Reproduce the lines below verbatim. Pictures are to be omitted.

- **Task input**
========
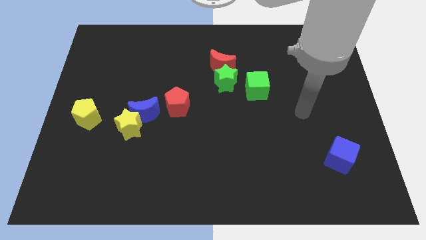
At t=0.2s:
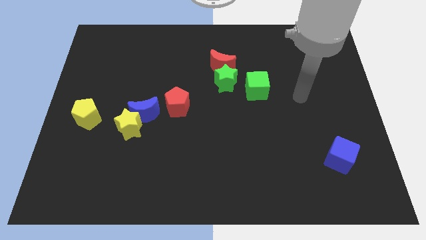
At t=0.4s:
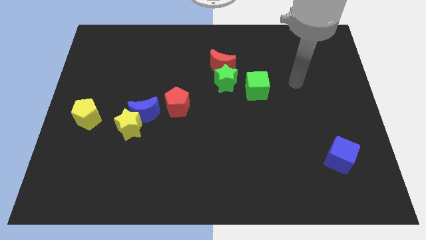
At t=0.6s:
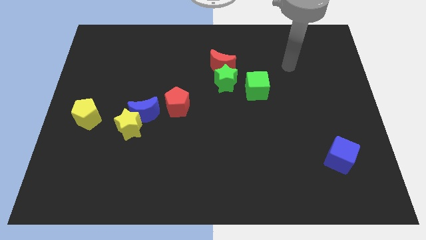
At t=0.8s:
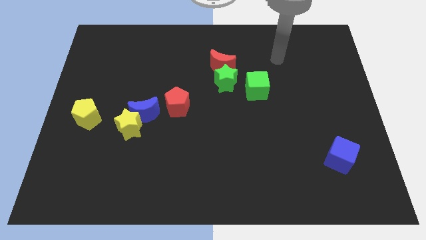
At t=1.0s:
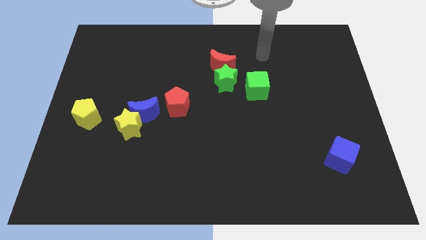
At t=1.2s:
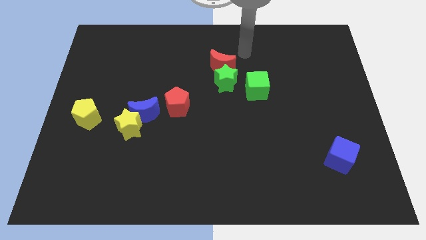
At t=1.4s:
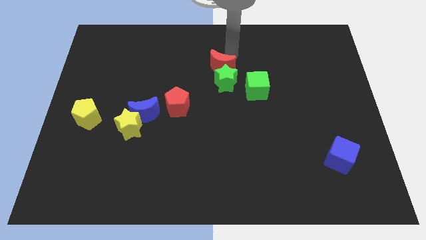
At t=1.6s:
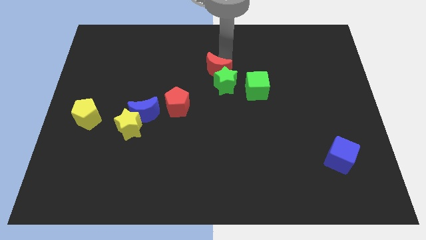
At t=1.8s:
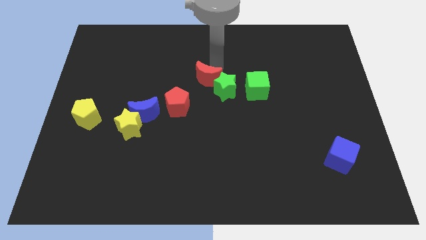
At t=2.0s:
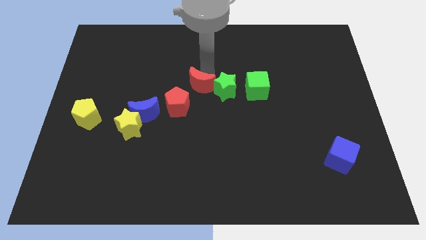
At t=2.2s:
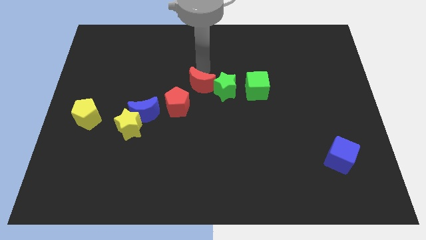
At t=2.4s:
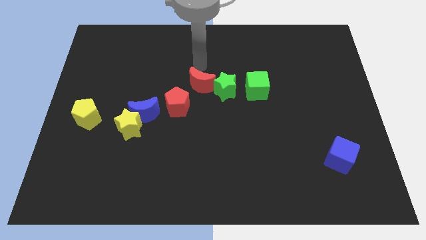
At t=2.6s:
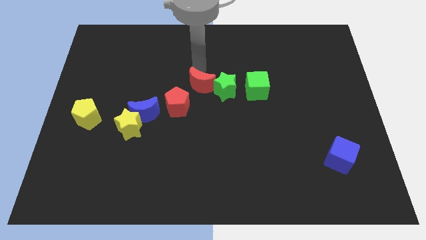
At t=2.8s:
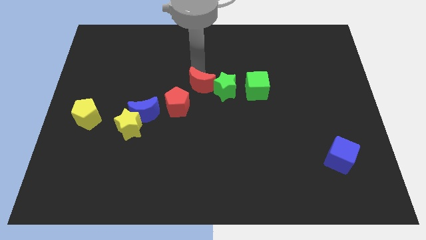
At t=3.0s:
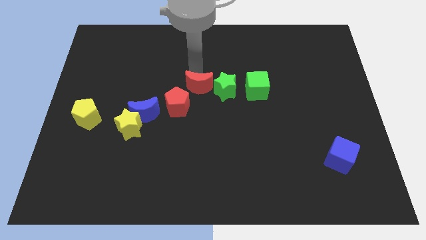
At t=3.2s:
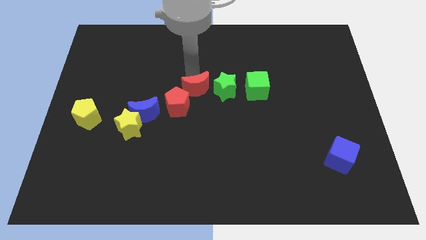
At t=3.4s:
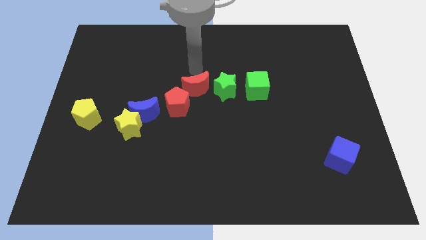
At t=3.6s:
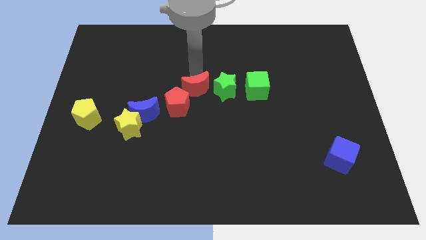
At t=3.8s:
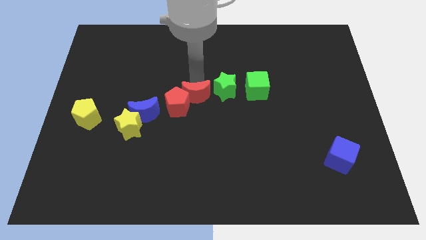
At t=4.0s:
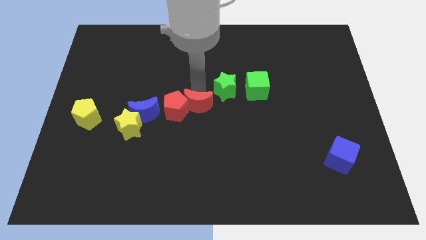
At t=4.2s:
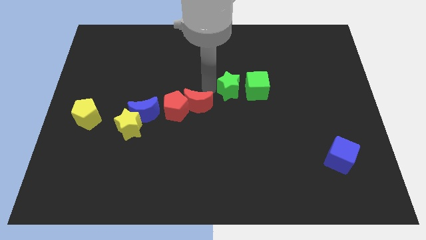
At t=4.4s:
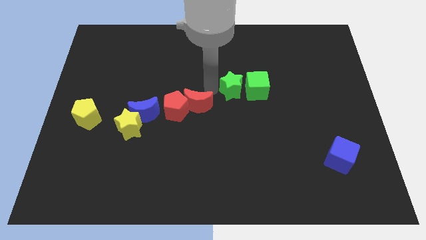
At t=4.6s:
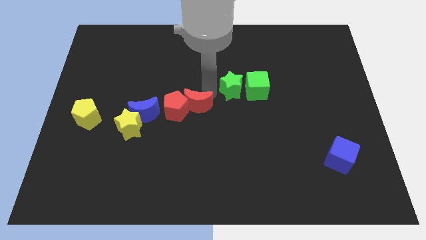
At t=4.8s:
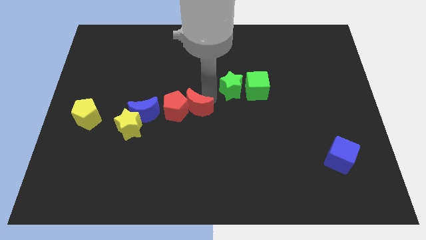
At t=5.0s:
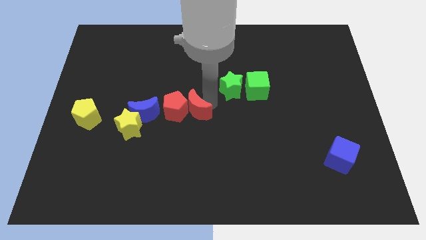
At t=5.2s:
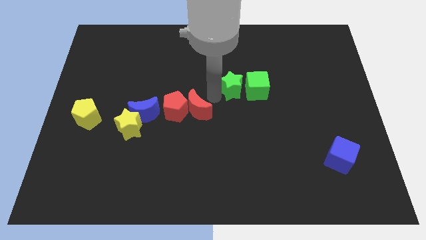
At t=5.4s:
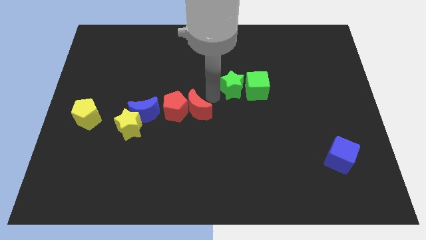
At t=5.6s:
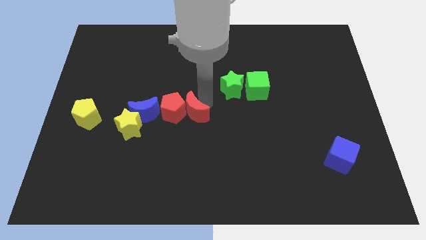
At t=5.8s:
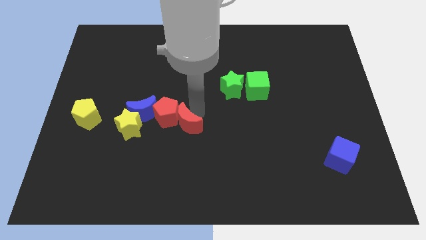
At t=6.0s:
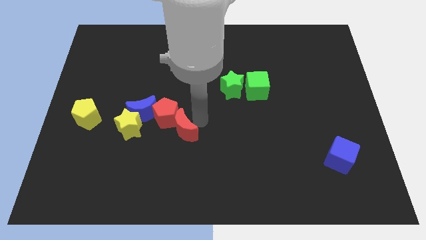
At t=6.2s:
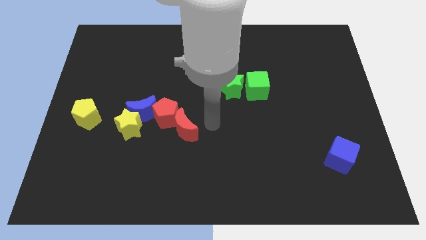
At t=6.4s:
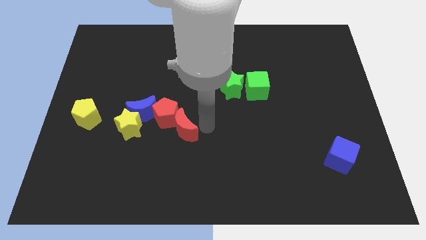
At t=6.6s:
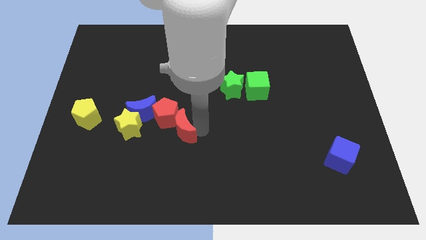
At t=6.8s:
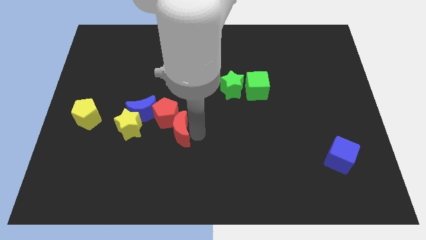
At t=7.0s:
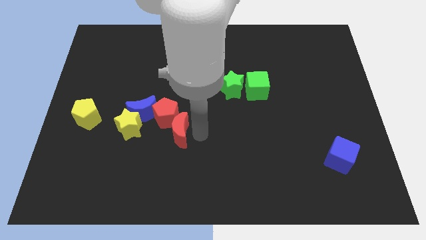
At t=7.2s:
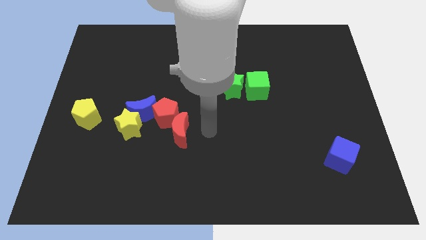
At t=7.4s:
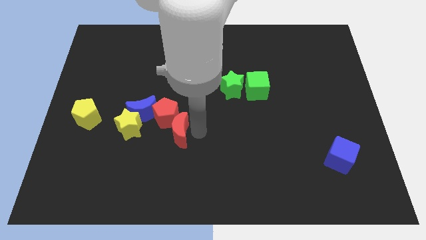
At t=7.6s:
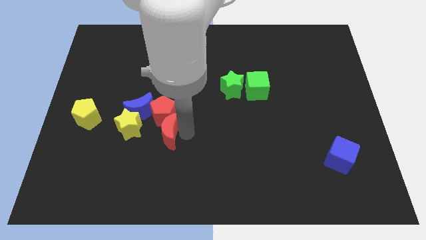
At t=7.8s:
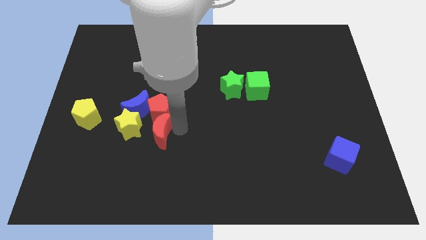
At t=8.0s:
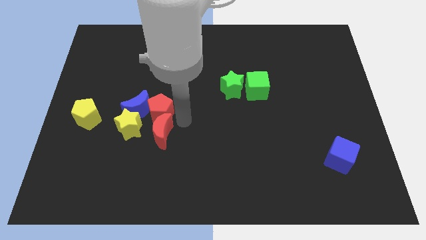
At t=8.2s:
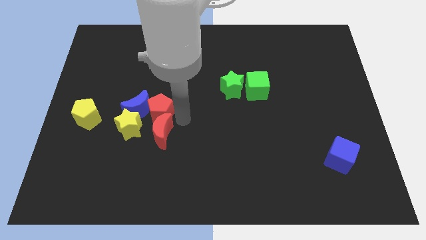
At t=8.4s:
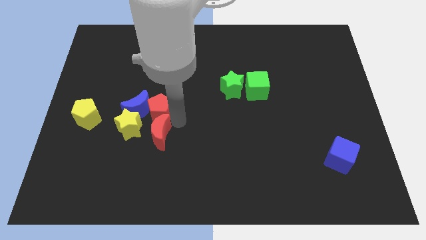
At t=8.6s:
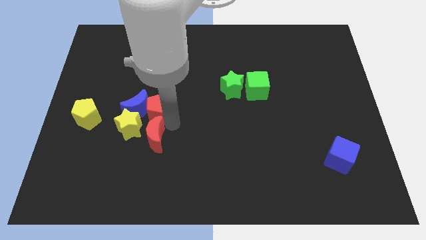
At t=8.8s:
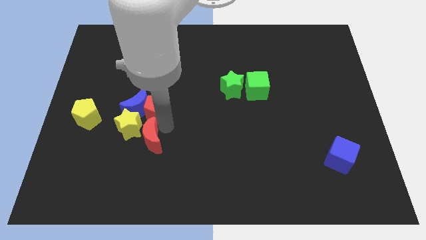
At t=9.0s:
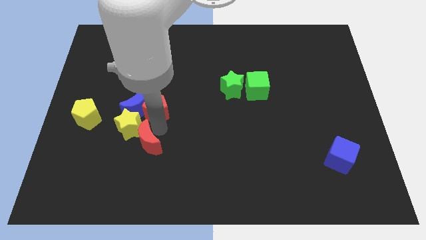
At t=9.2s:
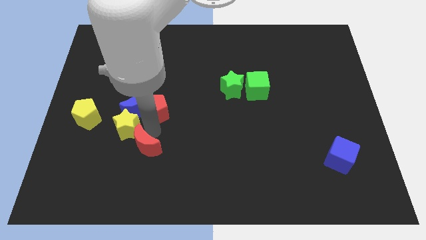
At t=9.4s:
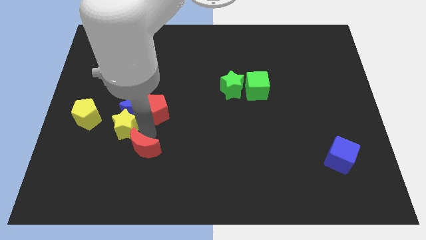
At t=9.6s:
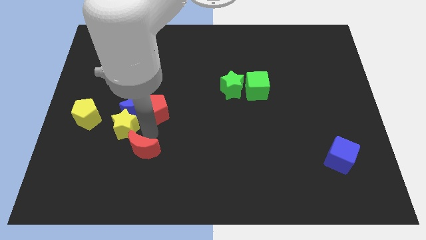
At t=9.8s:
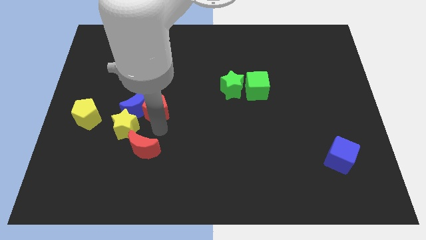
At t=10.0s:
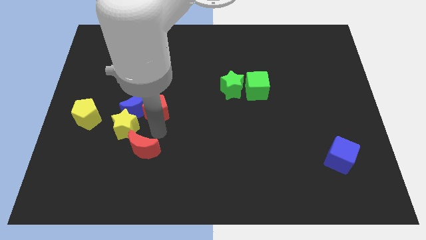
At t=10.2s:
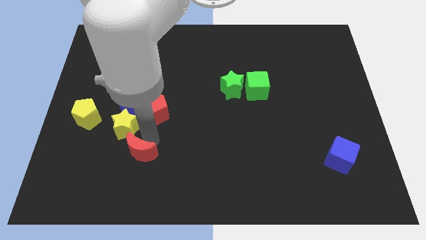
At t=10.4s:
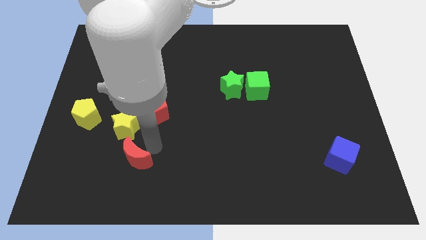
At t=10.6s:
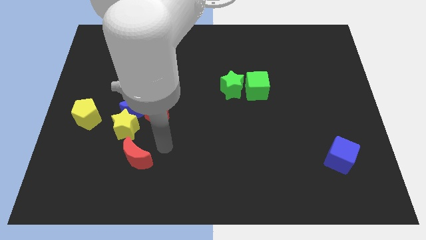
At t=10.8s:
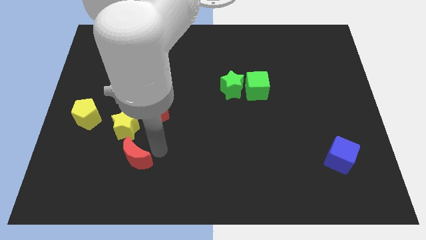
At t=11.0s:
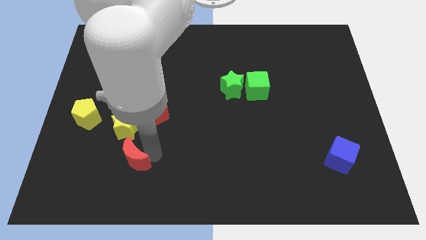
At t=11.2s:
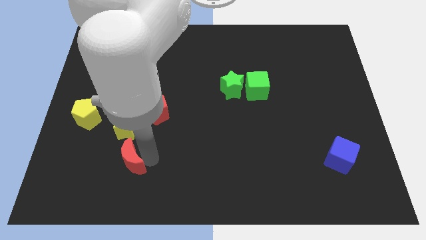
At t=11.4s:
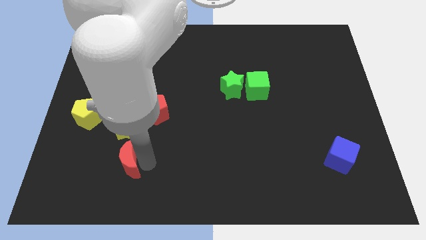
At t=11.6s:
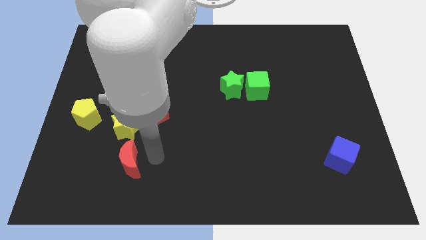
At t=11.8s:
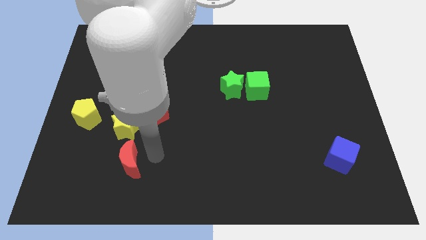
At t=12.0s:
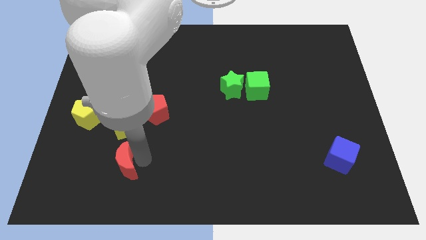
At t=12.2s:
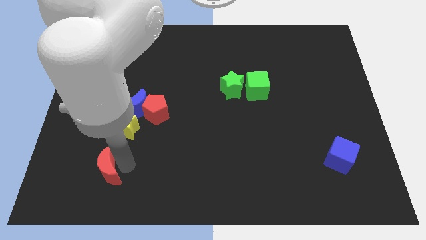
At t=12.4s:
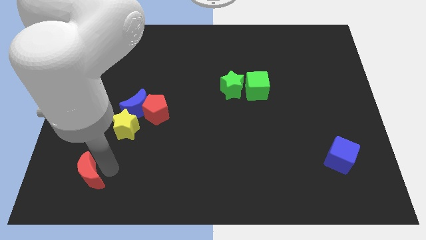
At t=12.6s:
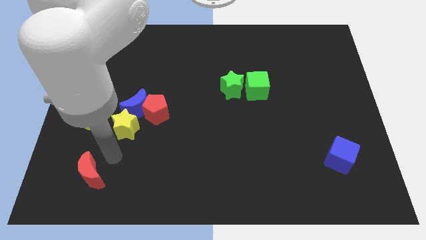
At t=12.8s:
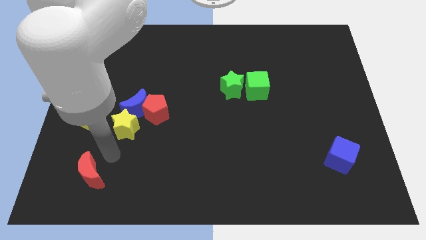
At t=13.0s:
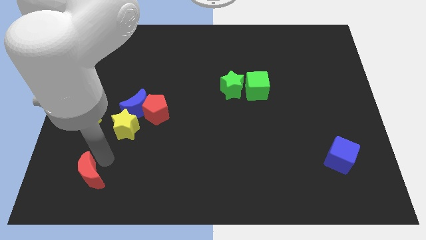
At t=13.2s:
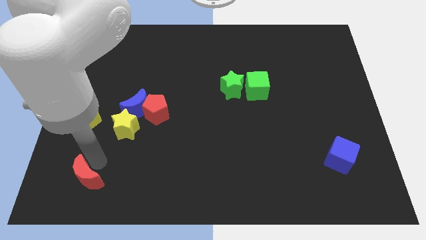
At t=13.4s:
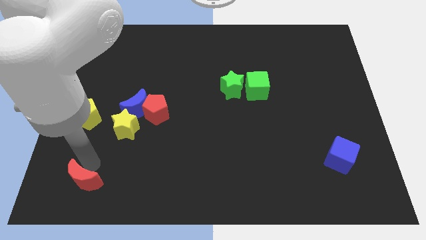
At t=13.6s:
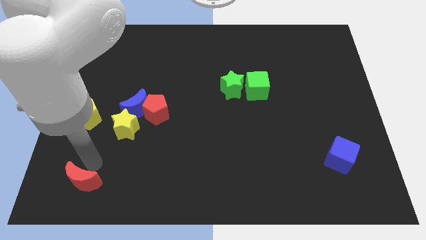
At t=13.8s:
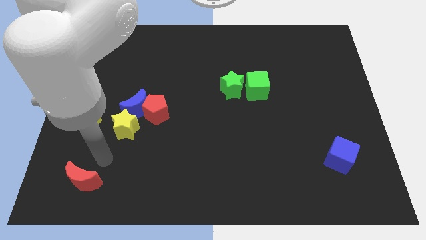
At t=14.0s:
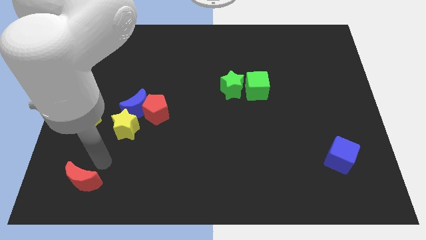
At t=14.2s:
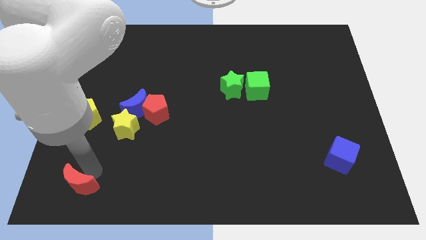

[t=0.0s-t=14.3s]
put the red moon to the bottom left of the board
========
- **Reply**
At t=0.2s:
At t=0.4s:
At t=0.6s:
At t=0.8s:
At t=1.0s:
At t=1.2s:
At t=1.4s:
At t=1.6s:
At t=1.8s:
At t=2.0s:
At t=2.2s:
At t=2.4s:
At t=2.6s:
At t=2.8s:
At t=3.0s:
At t=3.2s:
At t=3.4s:
At t=3.6s:
At t=3.8s:
At t=4.0s:
At t=4.2s:
At t=4.4s:
At t=4.6s:
At t=4.8s:
At t=5.0s:
At t=5.2s:
At t=5.4s:
At t=5.6s:
At t=5.8s:
At t=6.0s:
At t=6.2s:
At t=6.4s:
At t=6.6s:
At t=6.8s:
At t=7.0s:
At t=7.2s:
At t=7.4s:
At t=7.6s:
At t=7.8s:
At t=8.0s:
At t=8.2s:
At t=8.4s:
At t=8.6s:
At t=8.8s:
At t=9.0s:
At t=9.2s:
At t=9.4s:
At t=9.6s:
At t=9.8s:
At t=10.0s:
At t=10.2s:
At t=10.4s:
At t=10.6s:
At t=10.8s:
At t=11.0s:
At t=11.2s:
At t=11.4s:
At t=11.6s:
At t=11.8s:
At t=12.0s:
At t=12.2s:
At t=12.4s:
At t=12.6s:
At t=12.8s:
At t=13.0s:
At t=13.2s:
At t=13.4s:
At t=13.6s:
At t=13.8s:
At t=14.0s:
At t=14.2s:

[t=0.0s-t=14.3s]
put the red moon to the bottom left of the board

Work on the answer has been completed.